What about Android? iphone is not the only smartphone out there. My wife has the Galaxy S and has a few interesting features you don’t get on the iphone.
Start your own wish list with Steve Damn Android users……jokes, just jokes.
It sounds biased and repetitive on my behalf but in this day and age, the broker/client relationship can be easily managed over email/phone – meaning that you’ve got the entire country to choose your broker from. Video calls (love that new ipad) also enable face to face conversations (from a distance).
That said, if you’d prefer face to face, the Vic broker I’d always recommend is Pete Tersteeg from Sage Lending in Nunawading. To quote Richard – “he knows his onions”
So perhaps… offset account is still the best way to go because it will save me interest in the mean time but then can be used to offset my next "non- deductable " purchase…
I think i just answered my own question ??
Yep, that’s right. Sometimes it helps just to think out aloud
Yes, that loan will become deductible once the property turns into an IP. Therefore, putting your money in the offset now (and withdrawing later) is better than paying down the principle.
By the way, Jamie M, awesome you switched to an offset. With CBA? I thought they didn’t have a 100% offset and had minimum withdrawals and also transaction fees!!! I have facilities with other banks that are 100% offset and fully transactional. Curtesy of a finance broker who is in property investing too.
Yep, I agree – the old MISA isn’t the best offset in the world but it’s doing the trick at the moment. I basically use it as a savings account.
The thing that puzzles me was that the item was listed as $XXX + and the Vendor wants 10% more than the advertised price.
Ah – I suspected as much. They know that the seller has unrealistic expectations and probably regret taking on the listing…..and know that there’s bugger all chance of selling it. Even if this was the case, they still need to uphold professionalism when it comes to potential buyers. I bet that same real estate won’t be the listing agent for that property in a few months time.
How incredibly frustrating and unprofessional. Is it a small town? I’m not sure of the legalities, but is there any way you can find out who’s selling it and approach them directly? If the seller gets wind of this, they may be able to get rid of the REA and sell directly (win-win). I’m sure it’s not that simple though.
Imagine, my friend's parents bought a property in Sydney in 1960s for $16,000. It is now worth $1mil+. The annual rent would probably be twice what they had paid for the property. Imagine if they had used an IO loan initially. they would still owe $16,000!
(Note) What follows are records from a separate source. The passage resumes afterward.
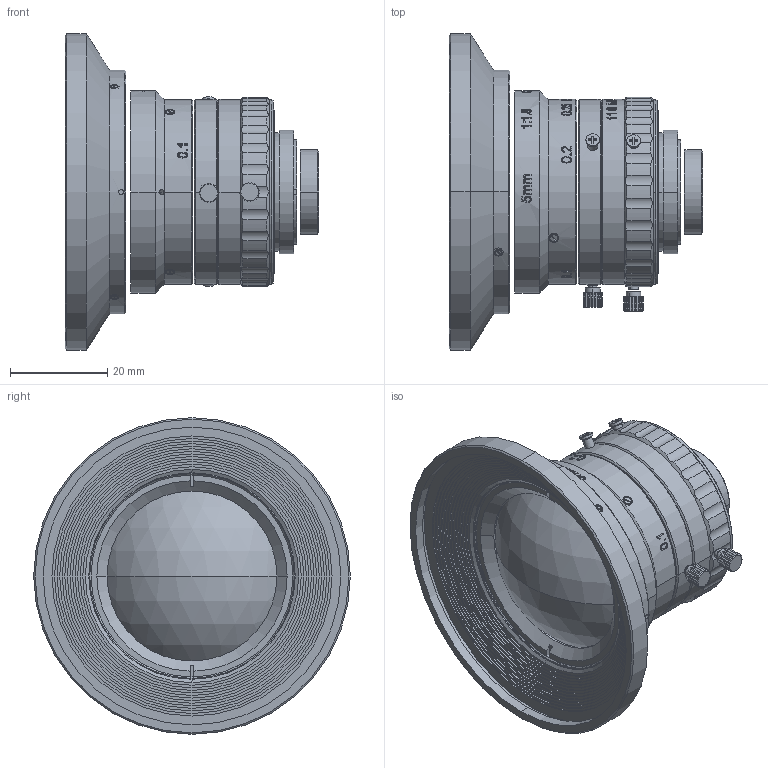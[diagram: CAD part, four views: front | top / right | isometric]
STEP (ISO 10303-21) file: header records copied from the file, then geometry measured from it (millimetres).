
FILE_DESCRIPTION (( 'STEP AP203' ), '1' );
FILE_NAME ('VA-LCM-10MP-05MM-F1.8-015.STEP', '2022-05-06T01:04:25', ( 'Microsoft' ), ( 'Microsoft' ), 'SwSTEP 2.0', 'SolidWorks 2014', '' );
FILE_SCHEMA (( 'CONFIG_CONTROL_DESIGN' ));
Length unit declared in the file: millimetre
Products named in the file (1): VA-LCM-10MP-05MM-F1.8-015
Bounding box: 52.12 x 65 x 65 mm (x, y, z)
Surface area: 17681.9 mm2 (no closed solid volume)
Topology: 0 solids, 44 shells, 659 faces, 2450 edges, 1801 vertices
Faces by surface type: plane 260, cylinder 231, bspline 98, cone 66, sphere 4
Entity records: 45124 total; most frequent: CARTESIAN_POINT 26574, ORIENTED_EDGE 3748, DIRECTION 3098, EDGE_CURVE 2450, VERTEX_POINT 1801, AXIS2_PLACEMENT_3D 1095, B_SPLINE_CURVE_WITH_KNOTS 1009, LINE 908

Terry’s quote hits the nail on the head. It’s the increase in the value of the asset that makes property appealing to investors. The interest only loan you have today may be insignificant compared to the value of the property it secures in 30 years time.
That interest only loan of $16k would set them back a cool $93 a month in repayments (assuming they still had it) on a property that’s worth over $1 million. A perfect example of inflation and growth working while the loan remains at it’s original level.
A question on IO , I was looking at a couple of the banking website calculators and after the IO repayment ends ( in this case 10yrs ) the repayment seemed to increase ???
Because it rolls onto principle and interest. At this point, you generally switch back to interest only.
Re the above suggestions of holding onto the money for a future PPOR purchase …could you put the money into the investment property to save on interest for the time being and then draw down on this later to fund the PPOR?
Absolutely. But as advised above, do it with an offset account. Think about it – you have one investment property with a loan of $100k and decided that you were going to purchase a PPOR a year later – also worth $100k.
During this year (before purchasing your PPOR) you’re able to save $1k each week. You could pop this in your offset account and reduce the interest you pay on your IP loan. After a year, you’ve placed $52k in your offset – therefore only paying interest on $48k.
The time’s arrived for you to buy your PPOR. You take out the $52k you’ve saved in your IP offset (which increases your IP loan back up to $100k) and put it in an offset account linked to your PPOR. In this scenario, you’ve maximized your deductible debt (IP is at $100k) and minimized your non-deductible (PPOR loan is now $48k).
This is the sort of thing my accountant was suggesting…getting something that is self-sustaining. He said that when we do eventually go to buy our own home, the banks will have more regard to us already having some property and able to service a loan rather than having invested in shares etc… Not sure how true this is, but it kinda makes some sense.
Hi Charlie
When it comes to buying your PPOR down the track, the bank will want to see you have a deposit (whether that be cash or equity from another property) and the ability to service the loan (and an impairment free credit file). Having owned a property isn’t going to put you in higher regard with them – they’ll simply look at it as another liability and the rent as another income.
It can be handy, to a certain degree, if you’re sourcing finance for your second property with the same lender as your first – because certain features (such as 95% loans) which are often only available to existing bank customers (that’s for some banks) can, in my experience, be a little easier to get across the line.
What’s stopping you from purchasing your PPOR first? $40k on a 95% lend will get you something just over the $400k mark (pending borrowing capacity, etc), or is that not enough to secure the type of property in the area you’d like to live?